Simple System to Process Invoices Using Docparser, Google Sheets, and Google Script Editor

By Jarrett Retz -June 10th, 2019

In this post the reader will find information on how I use(d) Docparser, Google Sheets, Formulas, and simple Google Scripts to create a functional software system for an accounts payable process.

I learned how to use the Docparser software, which lead me into learning how to use Google Sheets more effectively, and—even cooler—Google Script Editor. These are the three tools that will be discussed. However, the story didn’t start with this list of software, originally.

When I was first working for the company, I was tasked with centralizing, entering, tracking, and facilitating payments of the incoming invoices. The role dealt heavily with the accounts payable process. I was an assistant golf pro trying to use seemingly complicated software to achieve a much simpler task. I spent hours reading the software manual, entering invoices manually, and trying to get a mental map for the user-interface. I started to understand the interface, but couldn’t truly grasp it. It was a foreign layout—but almost similar—in the way that Spanish is relatable to English. Although, anyone who has failed to learn Spanish can attest to the hidden frustrations.

These frustrations were typical of the other workers in the golf shop. Adding to the issue, time and money are constant constraints, so the operation was running on lean resources. The accounts payable process was hanging on to the edge of a raft—but, to it’s credit, the raft was still floating down the river. Therefore, it wasn’t time to full-on-panic.

There are three important prerequisites that set the stage for the new system;

  • There isn’t a software system; or the software is overkill for the level of accounting that can be afforded and is needed.
  • The overwhelming majority of invoices should be coming to the business as email attachments in the .PDF format.
  • The users are college educated, but have little accounting/software specific knowledge.
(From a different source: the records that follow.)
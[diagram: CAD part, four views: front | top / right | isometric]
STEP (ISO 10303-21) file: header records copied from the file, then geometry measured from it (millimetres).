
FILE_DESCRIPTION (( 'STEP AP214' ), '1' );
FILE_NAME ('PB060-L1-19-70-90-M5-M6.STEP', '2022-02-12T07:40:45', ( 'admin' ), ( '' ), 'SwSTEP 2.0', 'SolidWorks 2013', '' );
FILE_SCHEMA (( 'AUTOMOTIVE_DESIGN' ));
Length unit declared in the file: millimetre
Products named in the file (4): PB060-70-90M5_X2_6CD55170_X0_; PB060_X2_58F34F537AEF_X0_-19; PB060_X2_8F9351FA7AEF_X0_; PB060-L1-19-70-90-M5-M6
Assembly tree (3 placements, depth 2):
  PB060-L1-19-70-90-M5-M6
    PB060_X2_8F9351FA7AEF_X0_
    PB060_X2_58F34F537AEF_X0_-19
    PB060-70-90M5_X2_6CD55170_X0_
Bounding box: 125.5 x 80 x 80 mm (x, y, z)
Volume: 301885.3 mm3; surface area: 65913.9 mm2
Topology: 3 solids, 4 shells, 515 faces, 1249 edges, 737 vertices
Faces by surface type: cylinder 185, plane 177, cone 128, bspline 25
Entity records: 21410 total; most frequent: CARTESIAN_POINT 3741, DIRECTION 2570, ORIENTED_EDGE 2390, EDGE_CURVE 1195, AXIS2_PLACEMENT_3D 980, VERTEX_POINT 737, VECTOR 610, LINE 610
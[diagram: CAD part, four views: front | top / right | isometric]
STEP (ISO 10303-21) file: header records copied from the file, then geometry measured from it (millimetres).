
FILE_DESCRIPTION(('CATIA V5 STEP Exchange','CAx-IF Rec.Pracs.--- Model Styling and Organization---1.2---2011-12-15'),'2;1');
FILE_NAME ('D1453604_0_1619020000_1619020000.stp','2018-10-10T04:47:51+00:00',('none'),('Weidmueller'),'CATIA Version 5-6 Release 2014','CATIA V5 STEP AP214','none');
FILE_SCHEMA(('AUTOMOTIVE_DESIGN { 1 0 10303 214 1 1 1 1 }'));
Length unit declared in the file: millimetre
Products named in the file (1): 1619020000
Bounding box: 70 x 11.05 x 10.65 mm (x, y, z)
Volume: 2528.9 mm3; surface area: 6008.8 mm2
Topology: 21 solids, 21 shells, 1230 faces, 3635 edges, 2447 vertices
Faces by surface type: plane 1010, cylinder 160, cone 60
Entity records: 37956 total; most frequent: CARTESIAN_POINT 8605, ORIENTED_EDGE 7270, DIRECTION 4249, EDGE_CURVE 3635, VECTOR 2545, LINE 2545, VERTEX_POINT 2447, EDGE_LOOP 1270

The second number on the list is very important. I had noticed, the previous season, that most invoices were sent as .PDF attachments. I still had to download and manually enter the data in the other software. This was not the most effective use of my time. I remembered reading that .PDFs are difficult to parse, but I had a hunch that someone, somewhere, may have developed a solution. After a quick search I had found Docparser.

Docparser

docparser dashboard

This software alone solved a huge part of the problem, and there was something special about Docparser: it worked. The user interface seemed logical, and as I got better at using the layout, rules, integrations, etc, it met my intuitions about where (and how) I should be able to create my system. Docparser offers a variety of invoice layout options, and I was able to extract the data using the parsing rules.

"Docparser boils down business documents to the essentials and moves the extracted data to where it belongs. Say good-bye to manual data entry and automate your business."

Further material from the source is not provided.